Тут Фелдер воспрянул. Это проверить легко, в Нью-Йорке все случаи смерти от туберкулеза тщательно регистрируются.
— В какой больнице они умерли?
— Ни в какой. Где умер отец, мне неизвестно. Знаю только, что мать умерла прямо на улице и ее похоронили в общей могиле кладбища для бедных, на Харт-Айленде.
Констанс сидела, сложив руки на коленях.
— Вернемся к вашему рождению, — разочарованно продолжил Фелдер. — Вы не помните даже в каком году родились?
— Нет.
Фелдер вздохнул.
— Мне хотелось бы задать несколько вопросов о вашем ребенке.
Констанс молчала.
— Вы бросили его в море, потому что он — само зло. Почему вы так решили?
— Таким был его отец.
— А вы расскажете мне, кто он?
Никакого ответа.
— Значит, вы считаете, что зло можно унаследовать?
— В геноме человека существуют совокупности… наборы генов, которые отвечают за криминальные склонности, и они передаются по наследству. Вы, конечно же, читали о недавних исследованиях «черной триады» в человеческом характере?
С этим исследованием Фелдер был знаком; такой ясный и грамотный ответ его удивил.
— И потому вы решили убрать из генофонда его гены, бросив ребенка в Атлантический океан?
— Верно.
— А его отец? Он жив?
— Он умер.
— Каким образом?
— Был низвергнут в пирокластический поток.
— Низвергнут… куда, простите?
— Это геологический термин. Он упал в вулкан.
Доктору потребовалось время, чтобы вникнуть в ее слова.
— Он был геологом?
Никакого ответа. С ума можно сойти — вот так топтаться и топтаться по кругу и ничего не добиться!
— Вы сказали «низвергнут». То есть его туда столкнули?
И снова никакого ответа. Понятно: дикая фантазия, которую не следует поощрять и развивать.
Фелдер сменил тему:
— Констанс, когда вы бросили ребенка за борт, вы понимали, что совершаете преступление?
— Естественно.
— Вы подумали о последствиях?
— Да.
— То есть вы понимали, что убивать ребенка — неправильно?

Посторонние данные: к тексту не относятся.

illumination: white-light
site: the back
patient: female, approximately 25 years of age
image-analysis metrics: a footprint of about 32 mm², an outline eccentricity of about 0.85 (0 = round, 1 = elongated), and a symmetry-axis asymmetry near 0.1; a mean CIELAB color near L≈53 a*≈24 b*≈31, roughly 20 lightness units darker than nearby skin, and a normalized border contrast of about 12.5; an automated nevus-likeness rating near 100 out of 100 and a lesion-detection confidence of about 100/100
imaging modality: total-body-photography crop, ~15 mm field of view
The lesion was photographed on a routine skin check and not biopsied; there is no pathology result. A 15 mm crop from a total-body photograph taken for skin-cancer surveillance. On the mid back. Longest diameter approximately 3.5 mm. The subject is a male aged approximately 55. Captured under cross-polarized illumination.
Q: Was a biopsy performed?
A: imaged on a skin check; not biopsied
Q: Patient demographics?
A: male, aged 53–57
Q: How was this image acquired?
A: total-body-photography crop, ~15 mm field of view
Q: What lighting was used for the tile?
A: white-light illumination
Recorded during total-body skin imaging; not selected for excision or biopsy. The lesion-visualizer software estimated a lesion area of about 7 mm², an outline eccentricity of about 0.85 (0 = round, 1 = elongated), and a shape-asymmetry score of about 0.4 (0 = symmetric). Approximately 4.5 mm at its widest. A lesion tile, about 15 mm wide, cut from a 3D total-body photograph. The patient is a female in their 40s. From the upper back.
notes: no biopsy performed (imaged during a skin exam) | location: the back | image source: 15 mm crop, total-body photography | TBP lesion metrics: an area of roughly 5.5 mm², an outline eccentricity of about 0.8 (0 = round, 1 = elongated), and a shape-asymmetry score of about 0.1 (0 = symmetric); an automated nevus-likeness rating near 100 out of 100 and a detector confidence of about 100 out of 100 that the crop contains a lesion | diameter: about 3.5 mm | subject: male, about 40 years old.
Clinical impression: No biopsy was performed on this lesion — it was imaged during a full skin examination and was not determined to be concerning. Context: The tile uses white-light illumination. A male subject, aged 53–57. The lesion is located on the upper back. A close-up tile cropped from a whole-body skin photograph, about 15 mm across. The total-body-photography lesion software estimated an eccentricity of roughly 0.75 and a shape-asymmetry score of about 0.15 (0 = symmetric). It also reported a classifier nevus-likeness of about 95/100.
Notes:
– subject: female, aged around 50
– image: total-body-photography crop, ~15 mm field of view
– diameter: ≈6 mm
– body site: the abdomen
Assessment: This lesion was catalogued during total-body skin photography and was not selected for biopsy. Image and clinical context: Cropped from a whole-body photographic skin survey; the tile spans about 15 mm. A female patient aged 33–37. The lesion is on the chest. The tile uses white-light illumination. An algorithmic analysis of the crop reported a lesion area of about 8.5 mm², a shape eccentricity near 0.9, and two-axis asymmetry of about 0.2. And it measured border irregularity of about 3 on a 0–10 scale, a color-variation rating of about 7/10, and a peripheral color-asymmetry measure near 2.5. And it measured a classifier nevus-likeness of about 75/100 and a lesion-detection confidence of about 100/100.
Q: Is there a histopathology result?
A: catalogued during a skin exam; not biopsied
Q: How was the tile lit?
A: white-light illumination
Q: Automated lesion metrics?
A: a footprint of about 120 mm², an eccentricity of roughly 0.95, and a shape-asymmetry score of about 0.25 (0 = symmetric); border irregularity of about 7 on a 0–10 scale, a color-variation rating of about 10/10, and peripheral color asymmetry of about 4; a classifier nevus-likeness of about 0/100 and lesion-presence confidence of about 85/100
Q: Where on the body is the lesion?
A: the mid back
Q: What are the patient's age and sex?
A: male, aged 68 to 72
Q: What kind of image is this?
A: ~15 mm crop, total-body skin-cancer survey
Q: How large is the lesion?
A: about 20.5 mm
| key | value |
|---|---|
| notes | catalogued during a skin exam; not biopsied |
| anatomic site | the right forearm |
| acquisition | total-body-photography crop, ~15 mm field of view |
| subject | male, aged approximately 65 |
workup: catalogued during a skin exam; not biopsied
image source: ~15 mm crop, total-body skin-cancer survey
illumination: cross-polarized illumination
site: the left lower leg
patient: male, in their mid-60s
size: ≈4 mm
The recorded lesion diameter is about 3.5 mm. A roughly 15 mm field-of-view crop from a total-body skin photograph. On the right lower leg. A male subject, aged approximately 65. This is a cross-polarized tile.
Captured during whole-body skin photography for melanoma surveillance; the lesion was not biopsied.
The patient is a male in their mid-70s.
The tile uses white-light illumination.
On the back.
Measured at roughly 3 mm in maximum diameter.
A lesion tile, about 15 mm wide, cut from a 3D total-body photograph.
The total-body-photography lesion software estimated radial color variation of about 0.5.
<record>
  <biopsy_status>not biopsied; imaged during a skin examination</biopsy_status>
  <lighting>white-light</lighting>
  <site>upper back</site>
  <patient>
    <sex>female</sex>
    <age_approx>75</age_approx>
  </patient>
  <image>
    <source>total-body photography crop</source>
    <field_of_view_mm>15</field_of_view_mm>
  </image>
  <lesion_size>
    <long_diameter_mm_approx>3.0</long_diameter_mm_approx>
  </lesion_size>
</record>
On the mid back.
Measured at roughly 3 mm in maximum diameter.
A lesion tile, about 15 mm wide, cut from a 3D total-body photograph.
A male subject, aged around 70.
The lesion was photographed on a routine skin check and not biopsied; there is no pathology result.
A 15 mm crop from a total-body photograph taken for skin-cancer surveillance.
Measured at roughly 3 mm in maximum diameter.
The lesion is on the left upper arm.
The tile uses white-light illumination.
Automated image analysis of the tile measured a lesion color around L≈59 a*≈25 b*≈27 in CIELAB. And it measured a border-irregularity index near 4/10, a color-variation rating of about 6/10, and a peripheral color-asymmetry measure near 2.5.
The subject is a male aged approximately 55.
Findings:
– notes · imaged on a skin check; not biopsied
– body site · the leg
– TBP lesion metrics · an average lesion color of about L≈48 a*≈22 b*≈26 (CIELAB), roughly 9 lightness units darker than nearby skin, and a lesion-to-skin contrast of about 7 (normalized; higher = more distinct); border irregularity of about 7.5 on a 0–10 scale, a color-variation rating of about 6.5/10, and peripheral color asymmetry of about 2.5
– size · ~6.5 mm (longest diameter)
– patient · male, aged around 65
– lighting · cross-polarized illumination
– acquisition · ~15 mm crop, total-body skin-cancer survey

— Напротив. Это был единственный правильный выход, единственный возможный.
— Почему единственный?
Последовало молчание. Со вздохом, чувствуя, что опять ловил черную кошку в темной комнате, доктор закрыл блокнот и поднялся.

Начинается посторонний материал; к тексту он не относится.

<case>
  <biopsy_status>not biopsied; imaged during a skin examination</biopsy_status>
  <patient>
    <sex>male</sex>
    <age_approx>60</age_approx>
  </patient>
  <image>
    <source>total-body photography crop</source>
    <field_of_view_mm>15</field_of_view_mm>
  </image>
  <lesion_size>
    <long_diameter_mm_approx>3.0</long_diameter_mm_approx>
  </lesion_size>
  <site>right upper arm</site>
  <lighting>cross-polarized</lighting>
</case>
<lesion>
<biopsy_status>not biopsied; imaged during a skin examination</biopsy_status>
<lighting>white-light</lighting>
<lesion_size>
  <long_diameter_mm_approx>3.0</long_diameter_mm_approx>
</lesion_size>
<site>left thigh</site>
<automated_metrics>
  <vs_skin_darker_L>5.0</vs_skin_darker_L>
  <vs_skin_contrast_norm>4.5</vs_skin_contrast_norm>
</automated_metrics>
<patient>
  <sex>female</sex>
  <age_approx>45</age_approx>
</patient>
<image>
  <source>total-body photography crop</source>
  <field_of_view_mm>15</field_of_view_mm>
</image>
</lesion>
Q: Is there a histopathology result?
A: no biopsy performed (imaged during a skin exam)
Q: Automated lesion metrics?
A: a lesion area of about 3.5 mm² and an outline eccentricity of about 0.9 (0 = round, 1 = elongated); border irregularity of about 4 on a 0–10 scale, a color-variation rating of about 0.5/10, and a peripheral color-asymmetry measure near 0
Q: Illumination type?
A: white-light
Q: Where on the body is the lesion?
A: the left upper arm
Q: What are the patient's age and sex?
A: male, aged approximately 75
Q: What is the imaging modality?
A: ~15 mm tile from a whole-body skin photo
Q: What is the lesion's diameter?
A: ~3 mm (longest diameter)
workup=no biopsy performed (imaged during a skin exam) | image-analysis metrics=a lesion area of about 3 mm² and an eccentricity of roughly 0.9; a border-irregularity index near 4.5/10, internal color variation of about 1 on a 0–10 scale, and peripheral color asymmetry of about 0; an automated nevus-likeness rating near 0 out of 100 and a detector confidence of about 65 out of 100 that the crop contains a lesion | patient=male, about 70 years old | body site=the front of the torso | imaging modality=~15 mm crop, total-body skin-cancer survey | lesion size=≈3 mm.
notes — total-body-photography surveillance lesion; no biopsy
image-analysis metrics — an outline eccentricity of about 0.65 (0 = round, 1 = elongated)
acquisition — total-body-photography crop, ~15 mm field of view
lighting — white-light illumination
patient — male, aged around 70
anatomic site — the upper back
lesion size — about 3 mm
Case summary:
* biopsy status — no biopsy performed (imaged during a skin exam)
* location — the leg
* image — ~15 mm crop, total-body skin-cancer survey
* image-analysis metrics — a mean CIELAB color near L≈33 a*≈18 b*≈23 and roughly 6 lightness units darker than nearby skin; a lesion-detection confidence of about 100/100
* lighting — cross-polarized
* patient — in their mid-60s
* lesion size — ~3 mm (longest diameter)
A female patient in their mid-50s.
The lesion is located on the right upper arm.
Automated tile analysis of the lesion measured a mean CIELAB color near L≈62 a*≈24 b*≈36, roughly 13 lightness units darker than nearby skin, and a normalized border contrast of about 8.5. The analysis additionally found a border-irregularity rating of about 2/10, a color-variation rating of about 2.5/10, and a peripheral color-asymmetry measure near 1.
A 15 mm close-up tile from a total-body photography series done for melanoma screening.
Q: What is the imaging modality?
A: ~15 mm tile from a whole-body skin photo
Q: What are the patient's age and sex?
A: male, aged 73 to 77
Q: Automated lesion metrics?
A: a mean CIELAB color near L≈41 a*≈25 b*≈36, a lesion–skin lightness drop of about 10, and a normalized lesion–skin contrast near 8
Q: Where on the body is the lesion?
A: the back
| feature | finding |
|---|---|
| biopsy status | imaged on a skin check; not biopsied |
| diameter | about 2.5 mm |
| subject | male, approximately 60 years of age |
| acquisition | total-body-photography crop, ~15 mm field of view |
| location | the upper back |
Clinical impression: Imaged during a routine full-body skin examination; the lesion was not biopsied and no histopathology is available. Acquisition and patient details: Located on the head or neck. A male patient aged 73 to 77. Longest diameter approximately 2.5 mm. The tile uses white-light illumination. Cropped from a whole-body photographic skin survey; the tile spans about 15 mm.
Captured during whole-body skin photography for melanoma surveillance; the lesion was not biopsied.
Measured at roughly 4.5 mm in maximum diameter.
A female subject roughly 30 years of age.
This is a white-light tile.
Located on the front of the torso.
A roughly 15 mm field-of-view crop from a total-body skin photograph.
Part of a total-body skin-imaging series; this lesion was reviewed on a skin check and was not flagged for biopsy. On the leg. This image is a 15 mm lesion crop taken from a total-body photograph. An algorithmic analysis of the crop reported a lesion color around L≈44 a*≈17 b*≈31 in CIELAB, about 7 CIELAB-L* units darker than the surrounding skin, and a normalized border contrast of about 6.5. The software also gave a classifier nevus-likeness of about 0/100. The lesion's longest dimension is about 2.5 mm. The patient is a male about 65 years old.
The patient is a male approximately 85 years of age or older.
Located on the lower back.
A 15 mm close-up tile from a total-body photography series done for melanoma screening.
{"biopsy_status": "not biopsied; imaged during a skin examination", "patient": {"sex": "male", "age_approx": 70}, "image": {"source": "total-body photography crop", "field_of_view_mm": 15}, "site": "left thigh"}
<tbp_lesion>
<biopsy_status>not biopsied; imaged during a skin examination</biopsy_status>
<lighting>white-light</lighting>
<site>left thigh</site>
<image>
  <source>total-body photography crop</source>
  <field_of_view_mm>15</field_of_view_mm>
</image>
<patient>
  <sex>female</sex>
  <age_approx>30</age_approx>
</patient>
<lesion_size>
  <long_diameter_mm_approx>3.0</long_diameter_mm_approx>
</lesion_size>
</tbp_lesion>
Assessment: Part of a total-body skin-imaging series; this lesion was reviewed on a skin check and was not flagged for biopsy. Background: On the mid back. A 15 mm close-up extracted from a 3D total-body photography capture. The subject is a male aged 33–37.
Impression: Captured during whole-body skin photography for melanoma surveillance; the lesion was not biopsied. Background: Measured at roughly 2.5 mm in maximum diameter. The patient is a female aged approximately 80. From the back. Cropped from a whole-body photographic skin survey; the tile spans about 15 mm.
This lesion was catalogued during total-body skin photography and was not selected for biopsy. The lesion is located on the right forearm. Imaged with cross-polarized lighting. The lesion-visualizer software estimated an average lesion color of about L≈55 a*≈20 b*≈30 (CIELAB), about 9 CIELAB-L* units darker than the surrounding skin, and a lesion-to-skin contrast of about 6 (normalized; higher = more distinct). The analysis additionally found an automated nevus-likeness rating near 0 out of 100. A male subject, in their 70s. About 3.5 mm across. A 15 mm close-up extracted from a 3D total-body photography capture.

— Спасибо, Констанс. Наше время истекло.
— Пожалуйста, доктор Фелдер.
Доктор нажал кнопку. Дверь немедленно отворилась, вошел полицейский.
— Я закончил, — сказал Фелдер. Он повернулся к Констанс Грин и вдруг сказал то, чего не собирался: — На днях поговорим с вами еще.

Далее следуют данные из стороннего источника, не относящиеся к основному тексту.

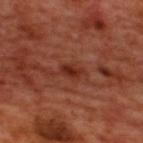Clinical summary: On the upper back. The lesion's longest dimension is about 3 mm. A roughly 15 mm field-of-view crop from a total-body skin photograph. This is a cross-polarized tile. The subject is a male approximately 50 years of age.
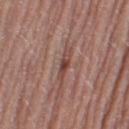The lesion was photographed on a routine skin check and not biopsied; there is no pathology result.
A female patient, about 60 years old.
A lesion tile, about 15 mm wide, cut from a 3D total-body photograph.
The lesion is located on the left thigh.
An algorithmic analysis of the crop reported a border-irregularity rating of about 4/10, a color-variation rating of about 2/10, and radial color variation of about 0.5.
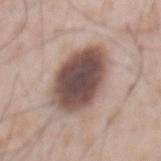The lesion was photographed on a routine skin check and not biopsied; there is no pathology result. On the back. Approximately 7.5 mm at its widest. Cropped from a total-body skin-imaging series; the visible field is about 15 mm. A male patient, in their mid- to late 50s. This is a white-light tile.
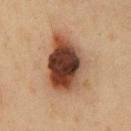workup=catalogued during a skin exam; not biopsied | anatomic site=the front of the torso | acquisition=15 mm crop, total-body photography | subject=male, roughly 50 years of age | size=≈7.5 mm.
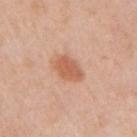biopsy_status: not biopsied; imaged during a skin examination
site: right upper arm
patient:
  sex: female
  age_approx: 40
lighting: white-light
image:
  source: total-body photography crop
  field_of_view_mm: 15
lesion_size:
  long_diameter_mm_approx: 3.5
automated_metrics:
  cielab_L: 60
  cielab_a: 24
  cielab_b: 34
  vs_skin_darker_L: 10.0
  vs_skin_contrast_norm: 7.0
  border_irregularity_0_10: 2.0
  color_variation_0_10: 2.5
  peripheral_color_asymmetry: 1.0
  lesion_detection_confidence_0_100: 100
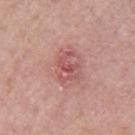follow-up: catalogued during a skin exam; not biopsied | patient: female, in their mid-60s | body site: the arm | lighting: white-light illumination | imaging modality: ~15 mm crop, total-body skin-cancer survey.
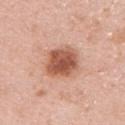From the right upper arm. A female subject, aged approximately 50. Captured under white-light illumination. A roughly 15 mm field-of-view crop from a total-body skin photograph.
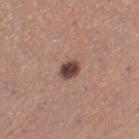Captured during whole-body skin photography for melanoma surveillance; the lesion was not biopsied. The patient is a female roughly 30 years of age. A lesion tile, about 15 mm wide, cut from a 3D total-body photograph. On the leg.
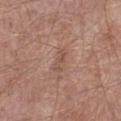This image is a 15 mm lesion crop taken from a total-body photograph. Imaged with white-light lighting. An algorithmic analysis of the crop reported a lesion area of about 4 mm², an outline eccentricity of about 0.9 (0 = round, 1 = elongated), and a shape-asymmetry score of about 0.2 (0 = symmetric). It also reported border irregularity of about 2.5 on a 0–10 scale and radial color variation of about 0.5. Located on the leg. Longest diameter approximately 3 mm. The patient is a male aged 53–57.
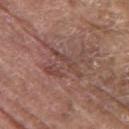Recorded during total-body skin imaging; not selected for excision or biopsy.
A 15 mm close-up extracted from a 3D total-body photography capture.
On the right upper arm.
The lesion's longest dimension is about 5 mm.
A male subject, aged around 80.
An algorithmic analysis of the crop reported a shape eccentricity near 0.75 and a symmetry-axis asymmetry near 0.45. And it measured an average lesion color of about L≈45 a*≈20 b*≈23 (CIELAB) and roughly 6 lightness units darker than nearby skin. The analysis additionally found a border-irregularity rating of about 8/10, internal color variation of about 4 on a 0–10 scale, and radial color variation of about 1.
Captured under white-light illumination.
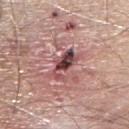Findings:
* notes — total-body-photography surveillance lesion; no biopsy
* image — 15 mm crop, total-body photography
* anatomic site — the right upper arm
* patient — male, in their mid- to late 60s
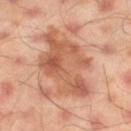biopsy_status: not biopsied; imaged during a skin examination
patient:
  sex: male
  age_approx: 45
image:
  source: total-body photography crop
  field_of_view_mm: 15
site: left thigh

— С большим удовольствием.
Шагая подлинному коридору стражного отделения, Фелдер засомневался в верности своего первоначального вывода. Она, разумеется, не нормальна, но можно ли говорить о психическом нездоровье с точки зрения ответственности перед законом? Если отнять от ее личности все нормальное, все предсказуемое, присущее здоровому человеку, что останется? Ничего.